How to find an all-in-one 2D to 3D Transformation Matrix for perspective projection, rotation, and translation?
It looks like you are trying to solve for a map from 2D points to 3D points, so I'm a bit confused... a projection transformation would map the 3D points to the 2D points (and the inverse is, of course, impossible since each point on the projection plane could lie anywhere on a ray form the camera through the plane.)
Next, notice there is no difference between first transforming an object in 3D, and then projecting through a fixed camera, versus leaving the object in place and projecting through a camera of unknown position and orientation.
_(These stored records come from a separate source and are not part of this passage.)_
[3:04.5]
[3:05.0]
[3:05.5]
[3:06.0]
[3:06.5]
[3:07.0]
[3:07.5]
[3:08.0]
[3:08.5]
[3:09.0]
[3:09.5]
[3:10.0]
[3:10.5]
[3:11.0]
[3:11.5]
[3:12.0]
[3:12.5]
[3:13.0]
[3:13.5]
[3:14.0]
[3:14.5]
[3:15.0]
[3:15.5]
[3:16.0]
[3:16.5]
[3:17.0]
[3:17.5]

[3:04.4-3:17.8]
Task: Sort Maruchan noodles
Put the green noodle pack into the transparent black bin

Here I'll take the former approach.
We have some points in 3D and apply an affine transformation to them, then project through a camera at the origin looking down the $z$ axis, with the projection plane passing through $z=1$. This makes the projection matrix $P: (x,y,z) \to (u,v,w)$ easy: it is just the identity.
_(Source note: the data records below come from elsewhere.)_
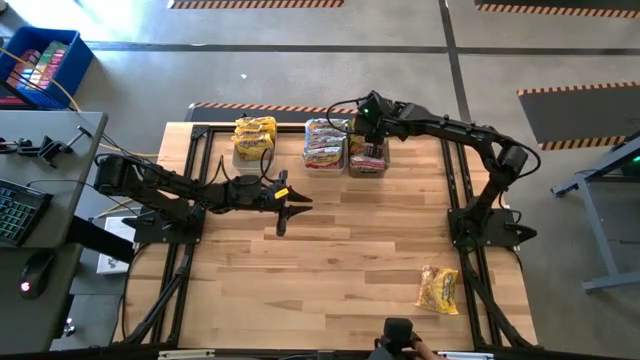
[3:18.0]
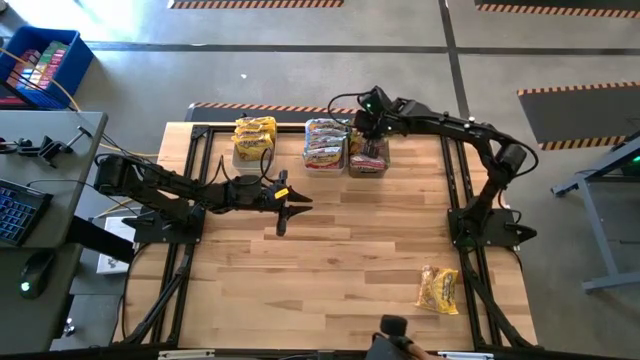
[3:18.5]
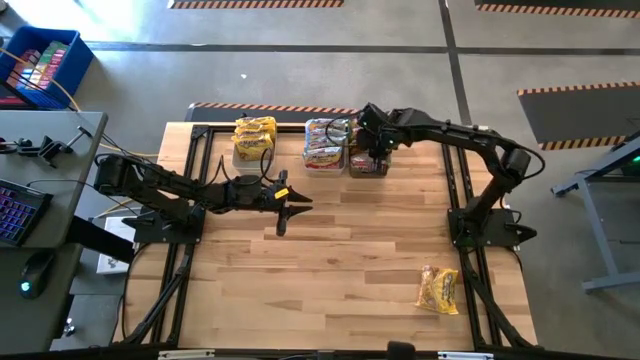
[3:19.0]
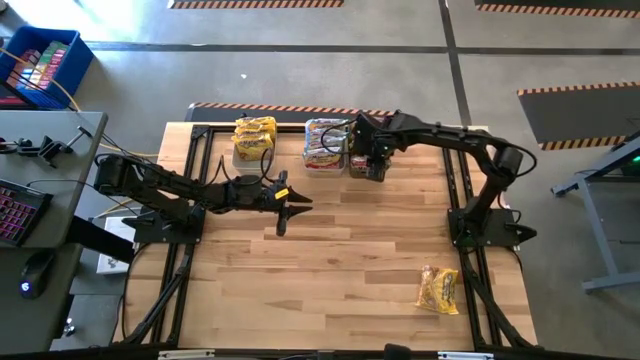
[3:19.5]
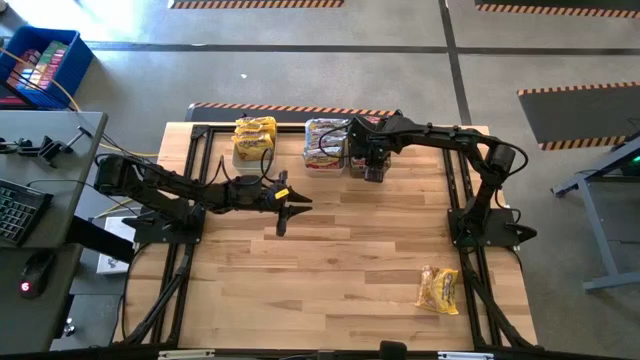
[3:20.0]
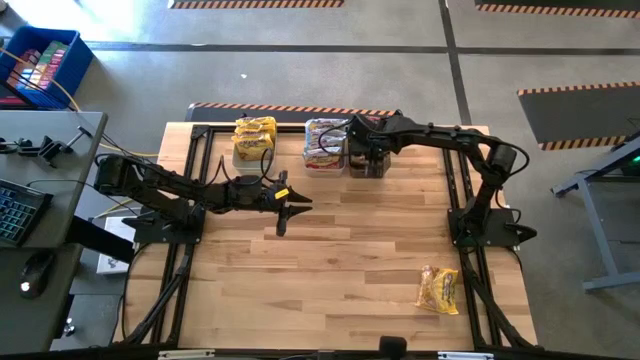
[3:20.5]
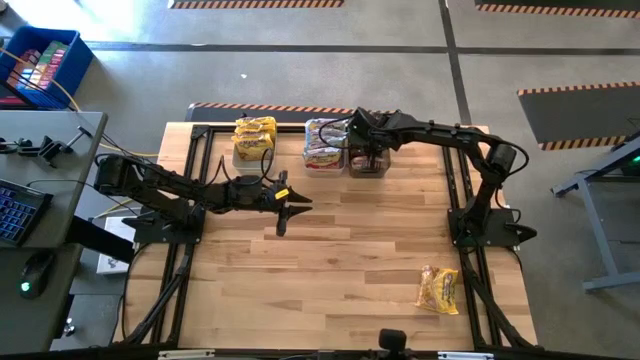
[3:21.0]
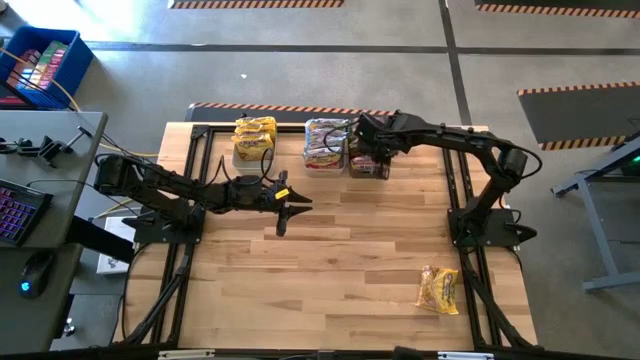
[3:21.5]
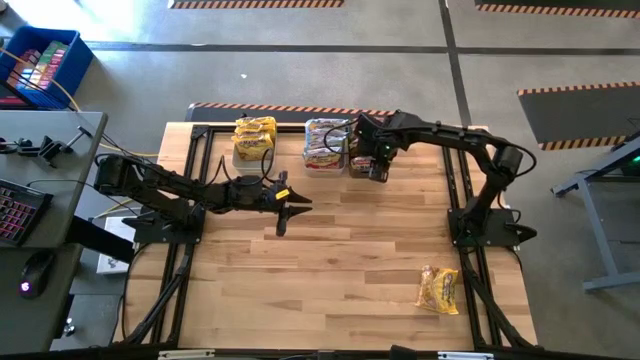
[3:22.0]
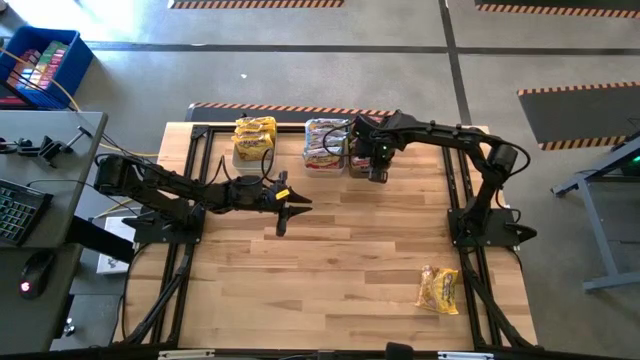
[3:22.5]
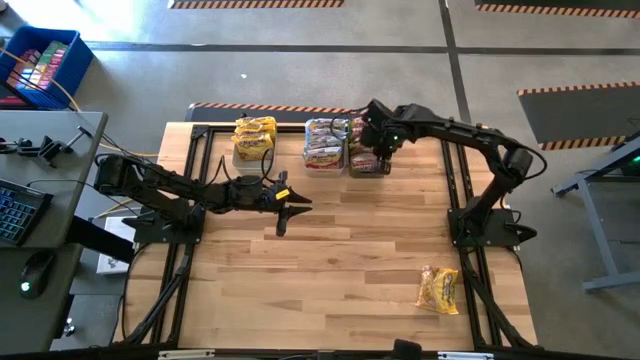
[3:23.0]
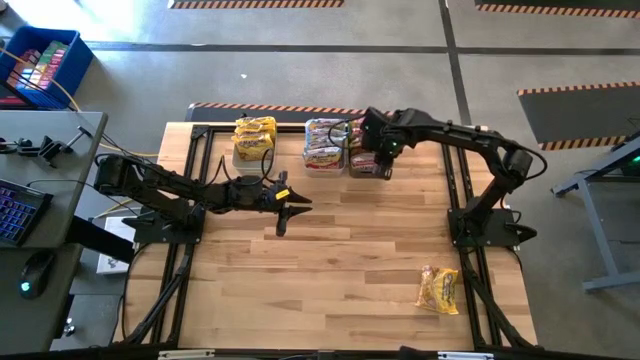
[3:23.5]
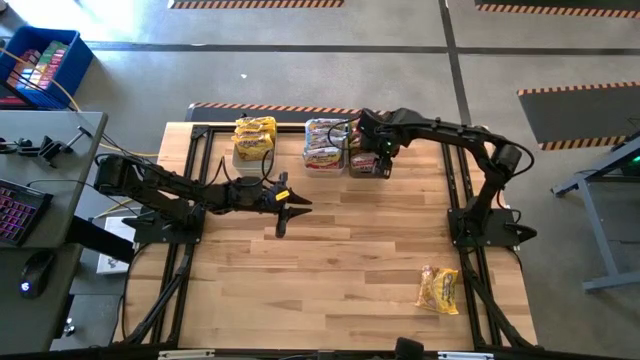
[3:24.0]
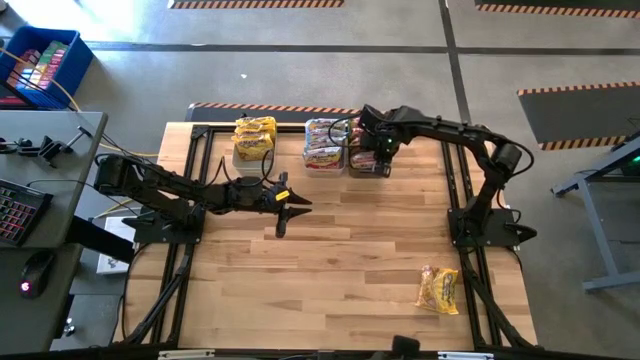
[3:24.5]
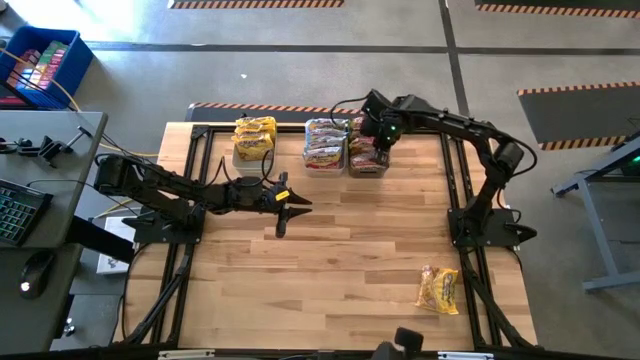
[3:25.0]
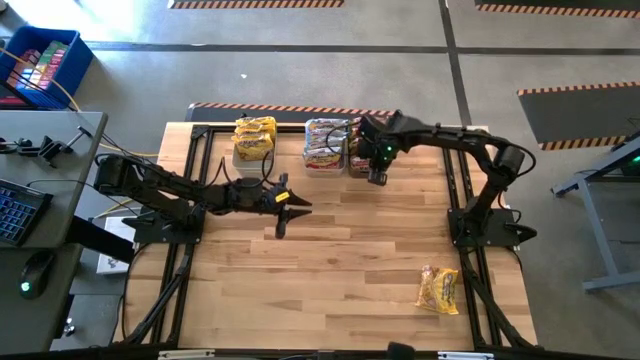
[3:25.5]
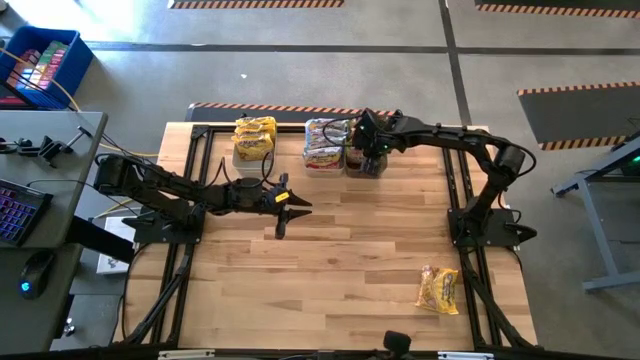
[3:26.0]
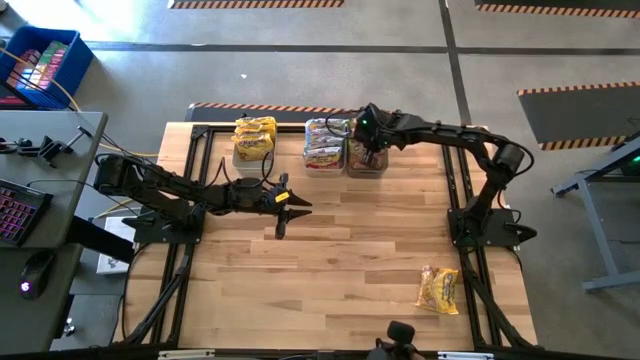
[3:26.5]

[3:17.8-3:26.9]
Adjust the green noodle packs on the transparent black bin

Before we project we apply some affine transformation $Mq + t$ to the 3D points $q$. Notice that we do not constraint $M$ to only rotate and scale here: to do so we would need to add additional (nonlinear) constraints on the coefficients of $M$. The short of it is that you will need to supply more than the theoretical minimum of four corresponding points to determine the map (and you will get shear if your corresponding points did not come from a bona fide Euclidean motion + projection.)
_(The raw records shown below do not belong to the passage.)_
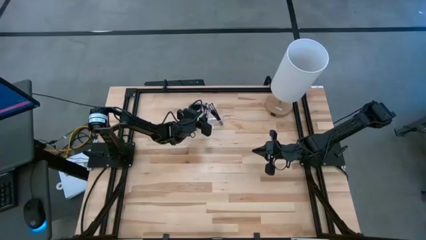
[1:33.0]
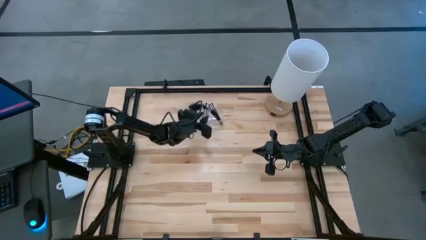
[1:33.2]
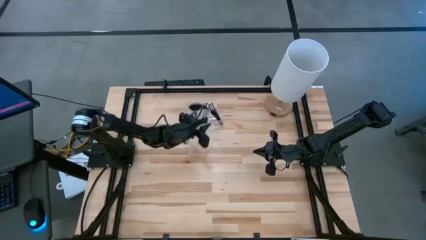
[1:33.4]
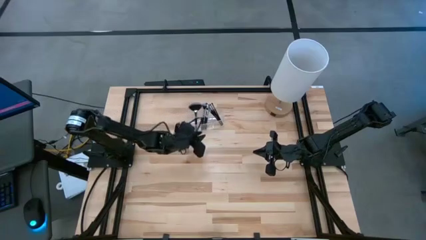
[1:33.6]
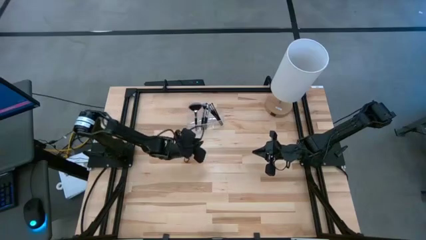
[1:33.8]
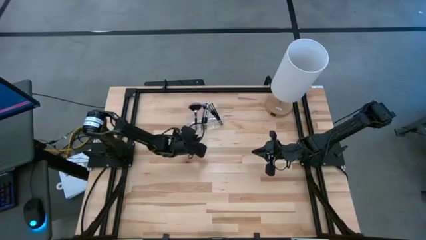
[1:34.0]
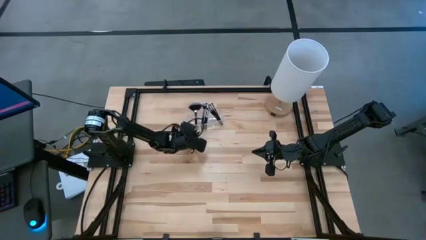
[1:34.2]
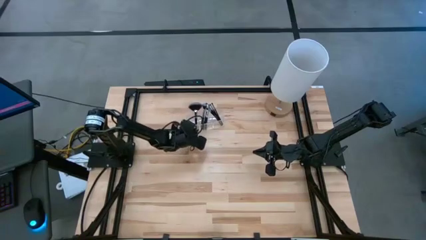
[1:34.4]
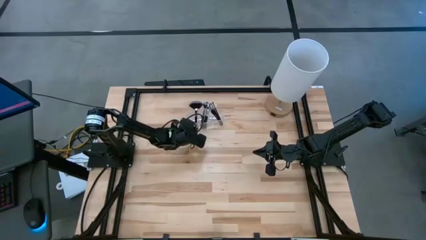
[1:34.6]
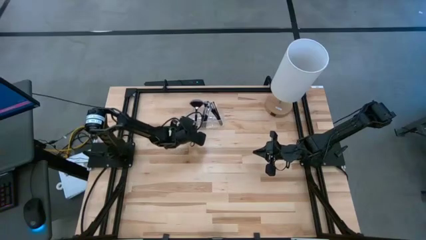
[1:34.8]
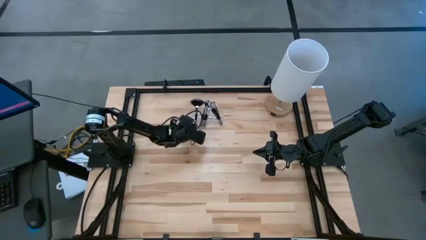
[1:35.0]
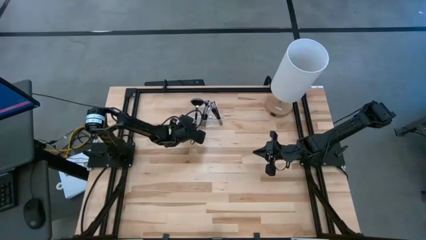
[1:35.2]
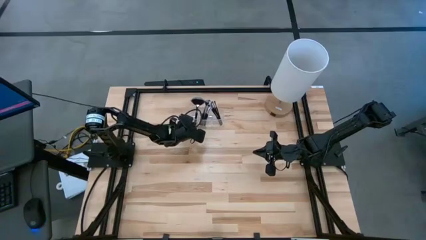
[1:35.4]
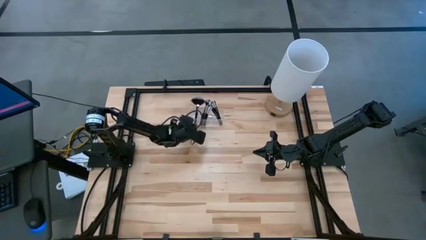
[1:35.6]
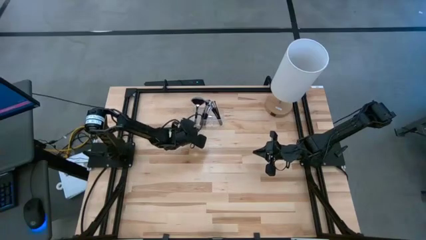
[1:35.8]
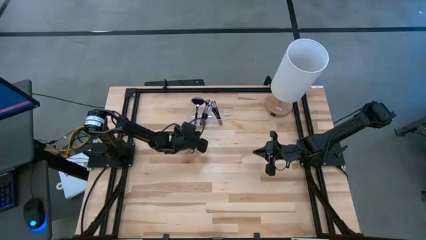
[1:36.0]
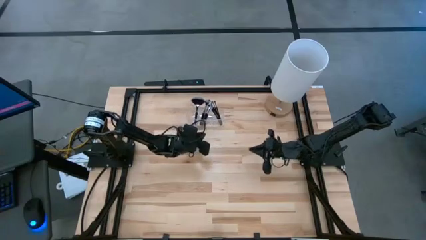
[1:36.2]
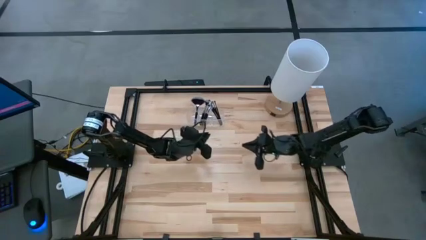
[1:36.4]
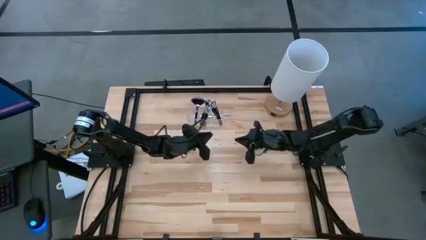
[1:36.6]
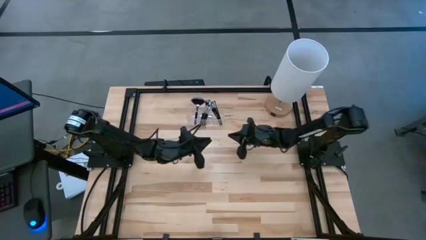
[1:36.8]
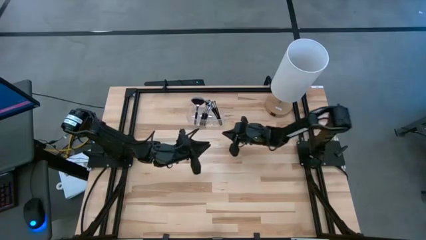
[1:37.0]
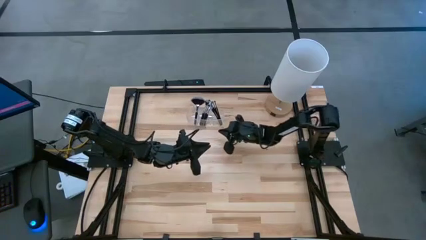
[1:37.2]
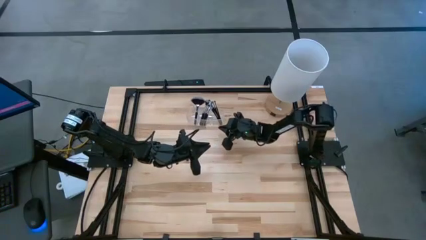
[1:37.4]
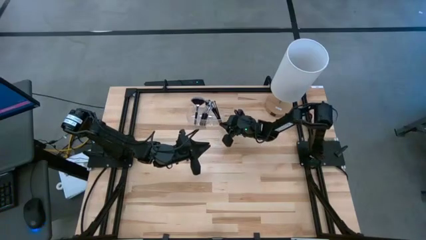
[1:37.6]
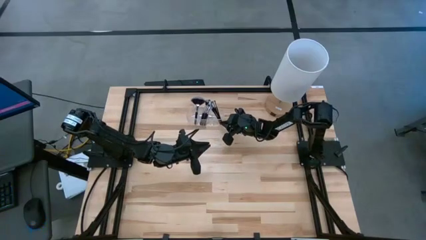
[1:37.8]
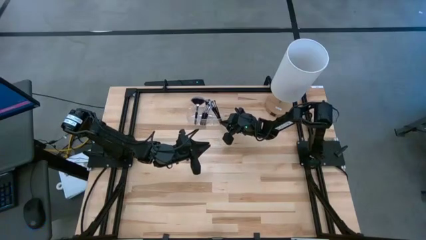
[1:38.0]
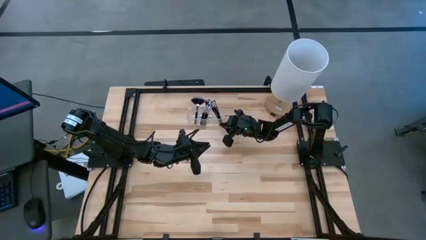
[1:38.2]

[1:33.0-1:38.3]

So now the total map can be written as
$$\left[\begin{array}{c}u\\v\\w\end{array}\right] = \left[\begin{array}{cccc}m_{11} & m_{12} & m_{13} & t_x\\m_{21} & m_{22} & m_{23} & t_y\\m_{31} & m_{32} & m_{33} & t_z\end{array}\right]\left[\begin{array}{c}x\\y\\z\\1\end{array}\right].$$
Since $(u,v,w) \sim (u/w,v/w,1)$, this map is scale-invariant, so we might as well set $m_{33} = 1$. We can also write it in block form (which will prove useful) as
$$\left[\begin{array}{c}u\\v\\w\end{array}\right] = \left[\begin{array}{c}N_{uv}\\N_w\end{array}\right]\left[\begin{array}{c}x\\y\\z\\1\end{array}\right].$$
Like you say, we only know $u/w$ and $v/w$ for the corresponding points, not $u,v,w$. Well, $$\left[\begin{array}{c}u/w\\v/w\end{array}\right] = N_{uv}\left[\begin{array}{c}x\\y\\z\\1\end{array}\right]/N_w \left[\begin{array}{c}x\\y\\z\\1\end{array}\right],$$ or $$N_w \left[\begin{array}{c}x\\y\\z\\1\end{array}\right]\left[\begin{array}{c}u/w\\v/w\end{array}\right] = N_{uv}\left[\begin{array}{c}x\\y\\z\\1\end{array}\right]$$
which is a system of two linear equations in 11 unknowns. Plugging in $5\frac{1}{2}$ corresponding points will let you solve for $N$.